------ Data section

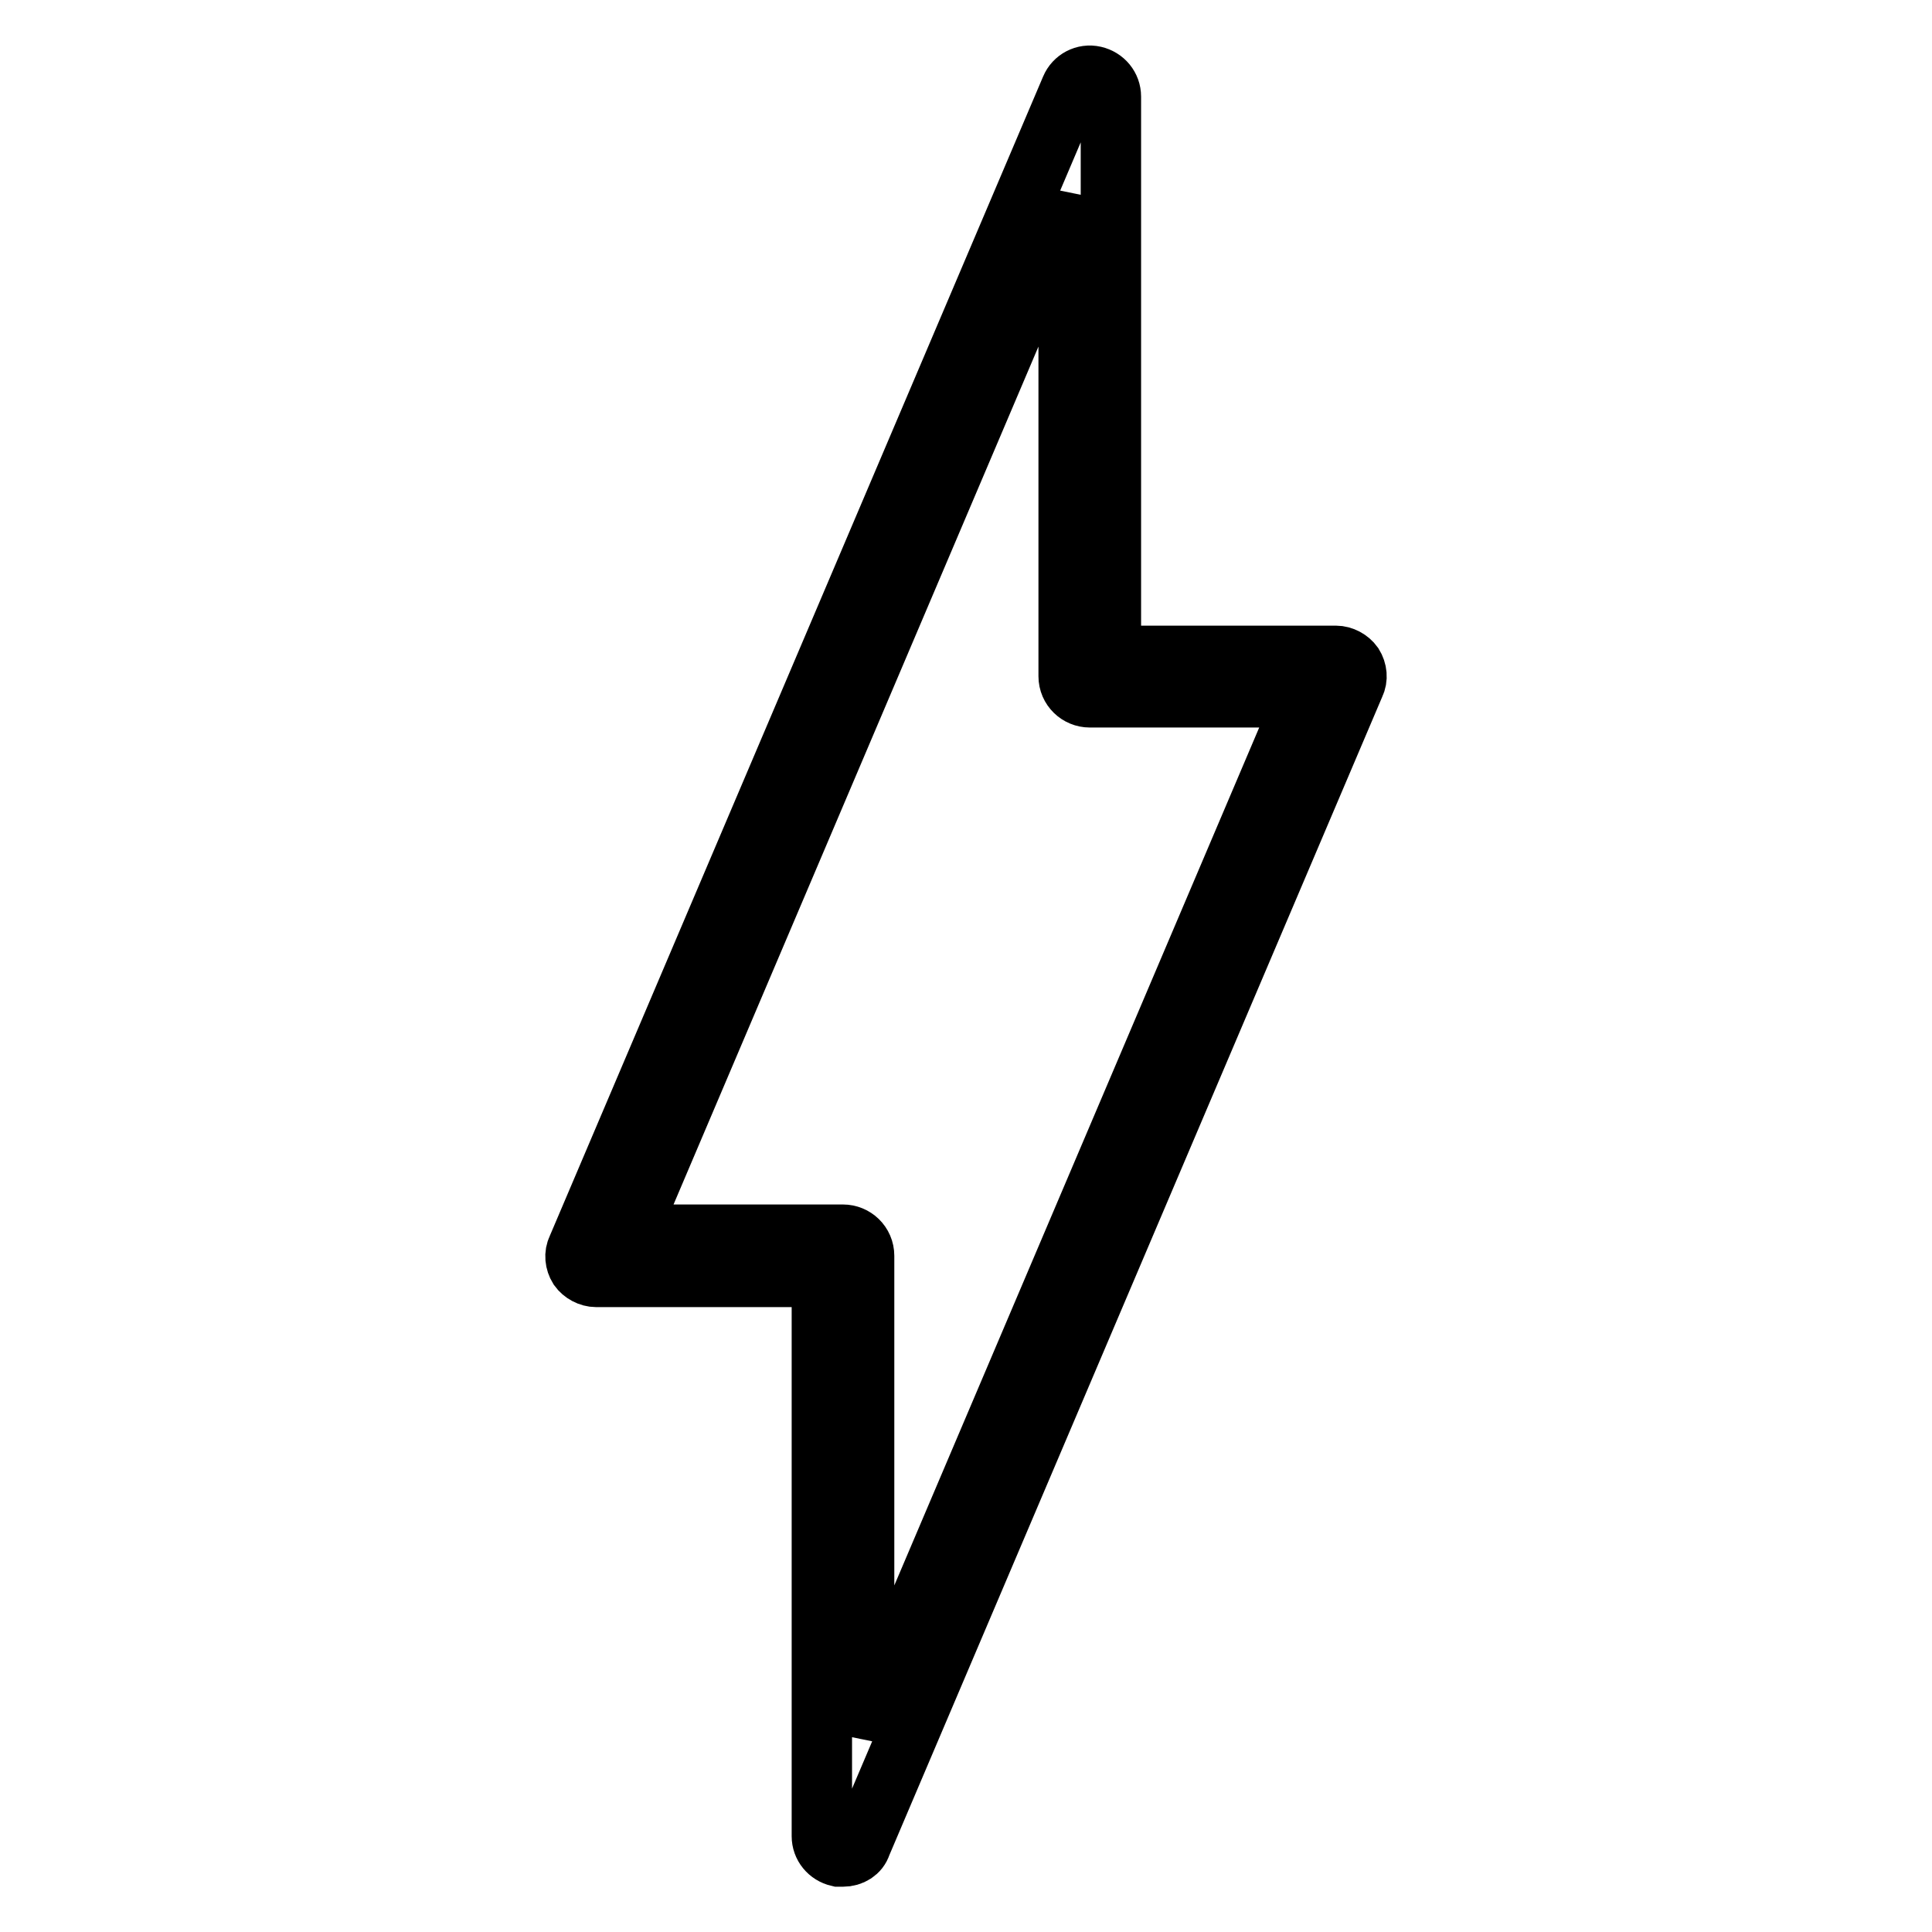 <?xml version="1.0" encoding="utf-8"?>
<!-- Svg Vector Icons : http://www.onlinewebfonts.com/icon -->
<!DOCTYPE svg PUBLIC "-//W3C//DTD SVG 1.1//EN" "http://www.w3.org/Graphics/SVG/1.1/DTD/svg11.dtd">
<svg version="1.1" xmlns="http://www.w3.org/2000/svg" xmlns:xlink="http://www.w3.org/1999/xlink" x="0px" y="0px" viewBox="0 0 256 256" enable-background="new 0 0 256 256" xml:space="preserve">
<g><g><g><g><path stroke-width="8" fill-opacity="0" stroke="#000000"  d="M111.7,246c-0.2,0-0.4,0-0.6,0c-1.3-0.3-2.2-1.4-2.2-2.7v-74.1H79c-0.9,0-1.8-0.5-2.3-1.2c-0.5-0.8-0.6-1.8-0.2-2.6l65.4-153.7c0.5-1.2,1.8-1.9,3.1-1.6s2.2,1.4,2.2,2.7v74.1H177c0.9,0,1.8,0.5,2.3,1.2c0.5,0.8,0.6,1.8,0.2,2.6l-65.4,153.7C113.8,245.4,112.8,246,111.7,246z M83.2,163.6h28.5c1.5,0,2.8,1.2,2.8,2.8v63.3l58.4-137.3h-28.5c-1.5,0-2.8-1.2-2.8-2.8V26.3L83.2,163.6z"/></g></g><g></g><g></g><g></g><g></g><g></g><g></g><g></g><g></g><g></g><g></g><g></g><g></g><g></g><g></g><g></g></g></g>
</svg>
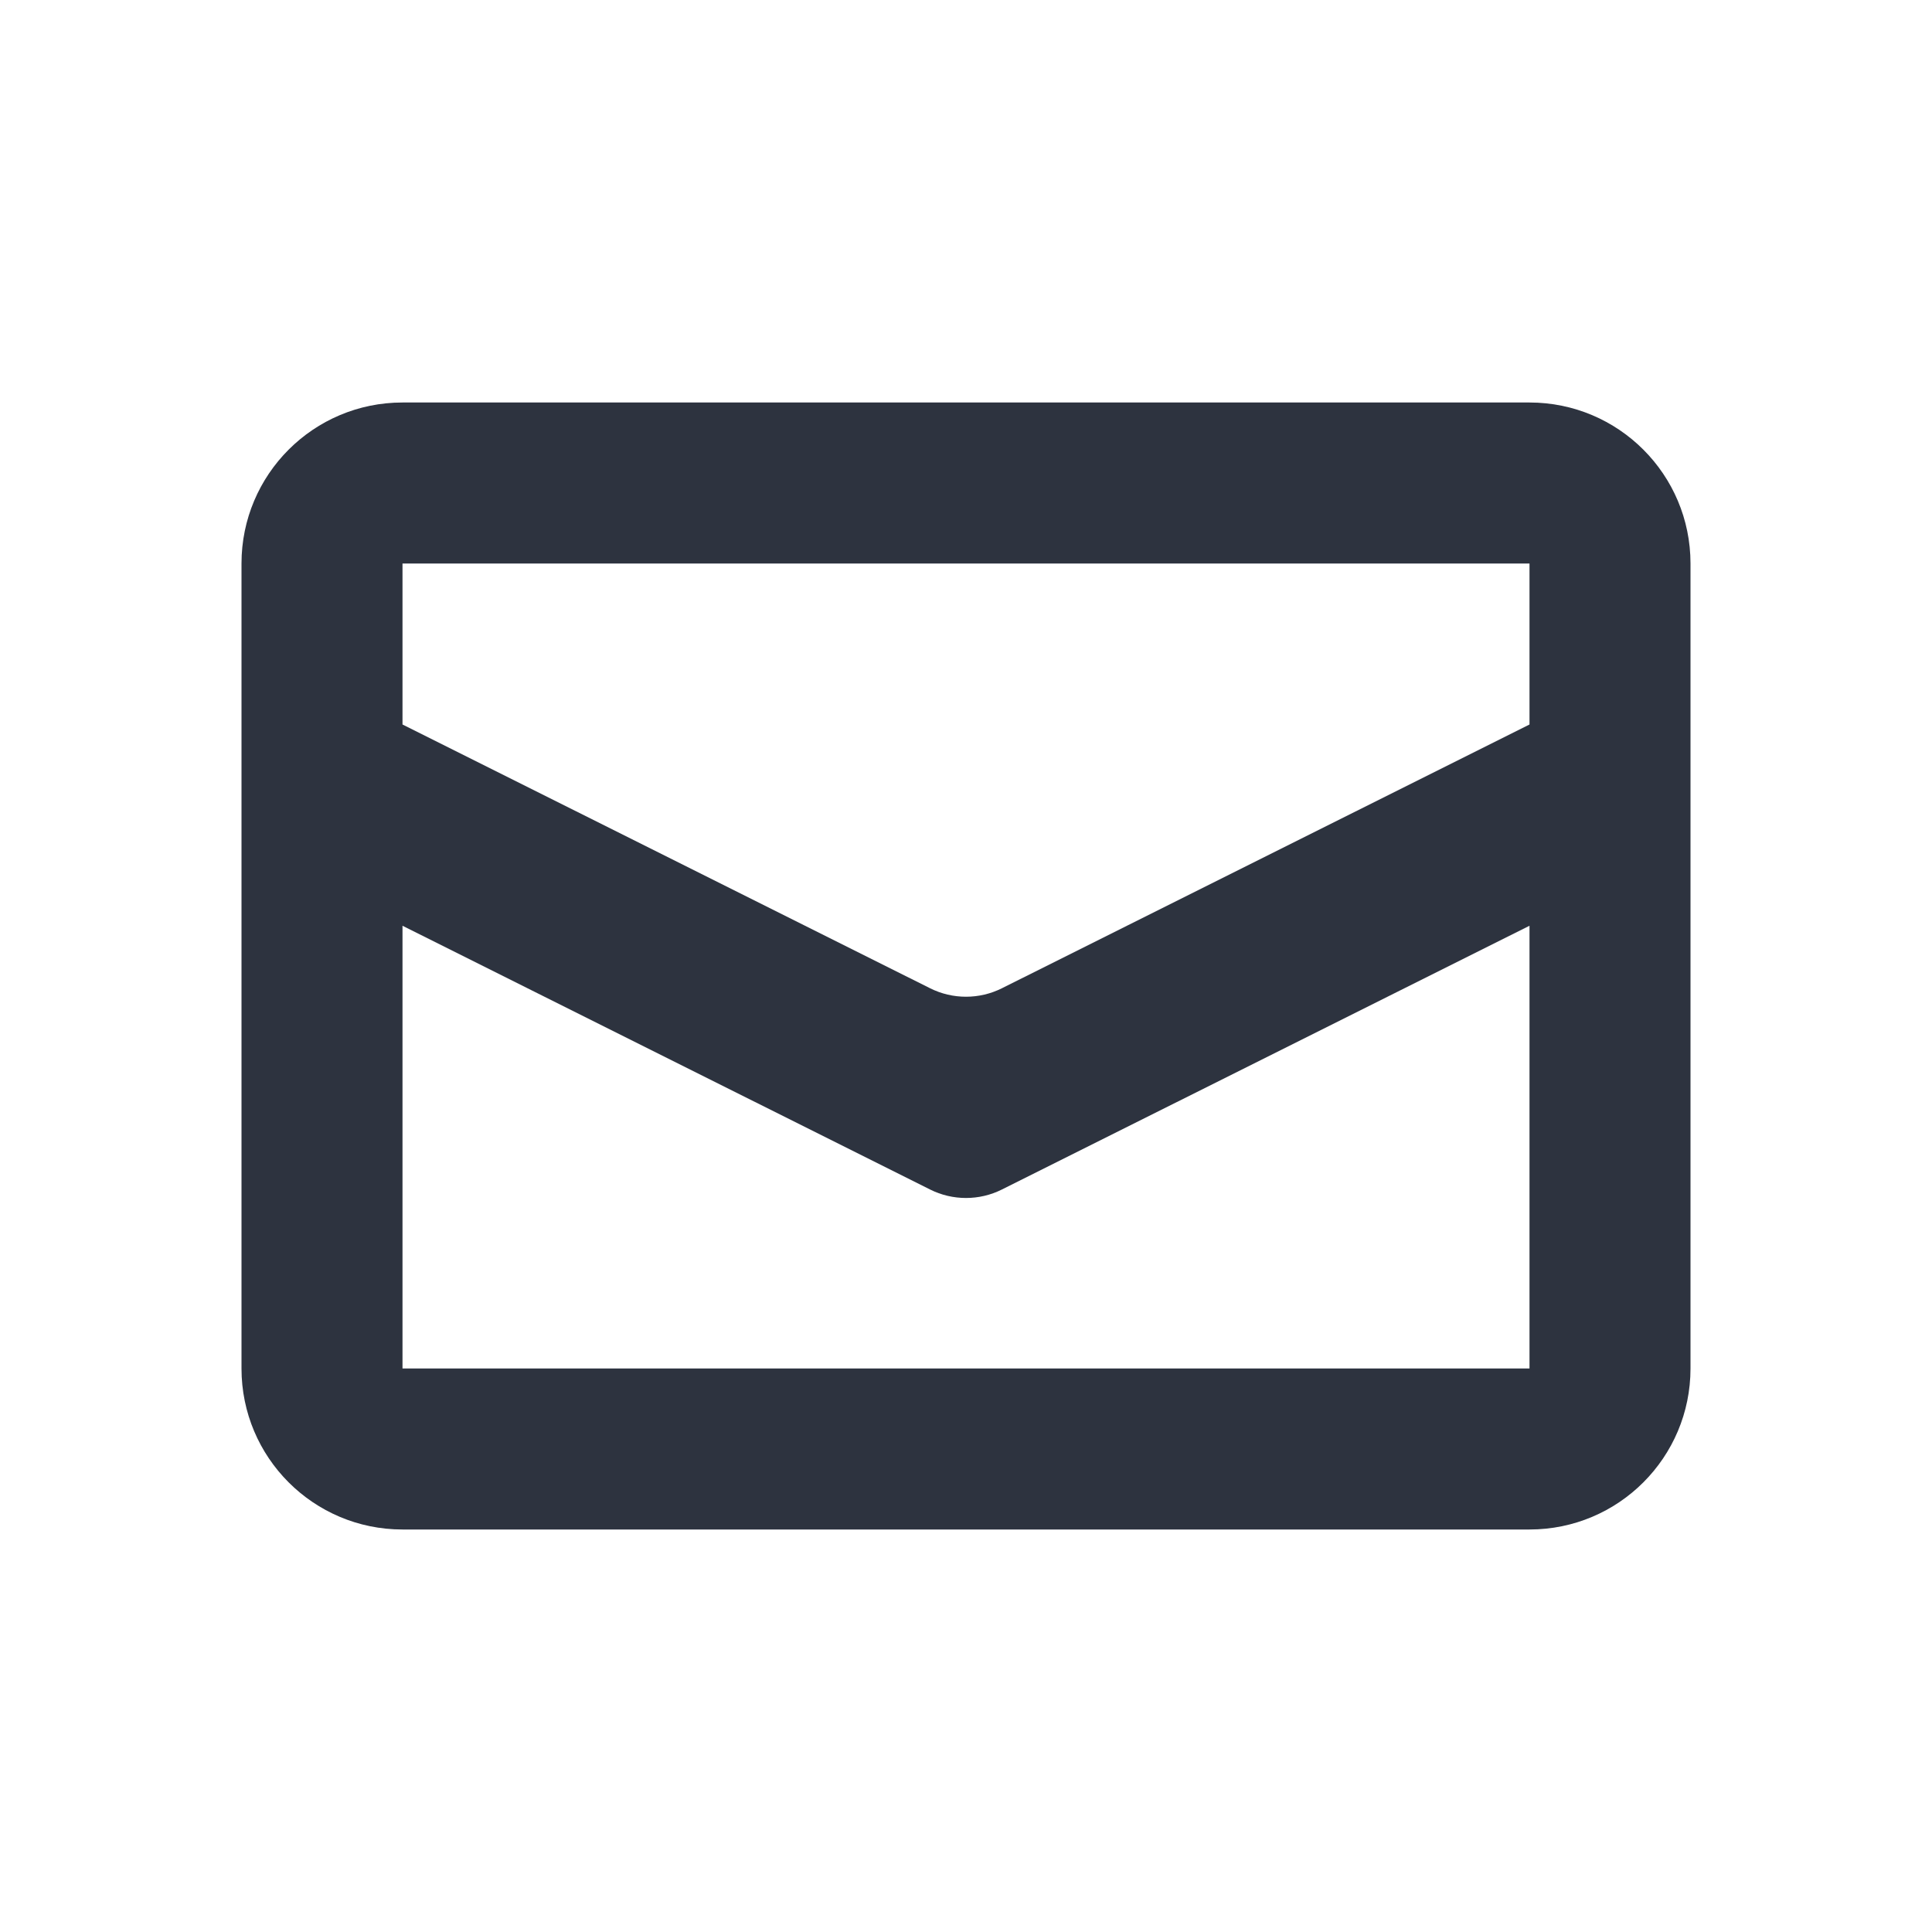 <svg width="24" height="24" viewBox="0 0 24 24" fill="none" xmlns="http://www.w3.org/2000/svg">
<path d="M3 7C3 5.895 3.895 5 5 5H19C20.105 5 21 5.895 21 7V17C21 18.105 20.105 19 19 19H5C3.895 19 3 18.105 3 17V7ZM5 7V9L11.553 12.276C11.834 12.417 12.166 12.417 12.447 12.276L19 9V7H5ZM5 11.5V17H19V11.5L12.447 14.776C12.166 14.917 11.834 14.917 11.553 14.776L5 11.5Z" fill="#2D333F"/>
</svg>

------------

## [Problem to work on]
The records shown above are to be repeated exactly, with the pictures left out.

## [Answer below]
 <?xml version="1.0" encoding="utf-8"?>
<!-- Svg Vector Icons : http://www.onlinewebfonts.com/icon -->
<!DOCTYPE svg PUBLIC "-//W3C//DTD SVG 1.1//EN" "http://www.w3.org/Graphics/SVG/1.1/DTD/svg11.dtd">
<svg version="1.1" xmlns="http://www.w3.org/2000/svg" xmlns:xlink="http://www.w3.org/1999/xlink" x="0px" y="0px" viewBox="0 0 256 256" enable-background="new 0 0 256 256" xml:space="preserve">
<g><g><g><g><path stroke-width="8" fill-opacity="0" stroke="#000000"  d="M111.7,246c-0.2,0-0.4,0-0.6,0c-1.3-0.3-2.2-1.4-2.2-2.7v-74.1H79c-0.9,0-1.8-0.5-2.3-1.2c-0.5-0.8-0.6-1.8-0.2-2.6l65.4-153.7c0.5-1.2,1.8-1.9,3.1-1.6s2.2,1.4,2.2,2.7v74.1H177c0.9,0,1.8,0.5,2.3,1.2c0.5,0.8,0.6,1.8,0.2,2.6l-65.4,153.7C113.8,245.4,112.8,246,111.7,246z M83.2,163.6h28.5c1.5,0,2.8,1.2,2.8,2.8v63.3l58.4-137.3h-28.5c-1.5,0-2.8-1.2-2.8-2.8V26.3L83.2,163.6z"/></g></g><g></g><g></g><g></g><g></g><g></g><g></g><g></g><g></g><g></g><g></g><g></g><g></g><g></g><g></g><g></g></g></g>
</svg>
 <svg width="24" height="24" viewBox="0 0 24 24" fill="none" xmlns="http://www.w3.org/2000/svg">
<path d="M3 7C3 5.895 3.895 5 5 5H19C20.105 5 21 5.895 21 7V17C21 18.105 20.105 19 19 19H5C3.895 19 3 18.105 3 17V7ZM5 7V9L11.553 12.276C11.834 12.417 12.166 12.417 12.447 12.276L19 9V7H5ZM5 11.5V17H19V11.5L12.447 14.776C12.166 14.917 11.834 14.917 11.553 14.776L5 11.5Z" fill="#2D333F"/>
</svg>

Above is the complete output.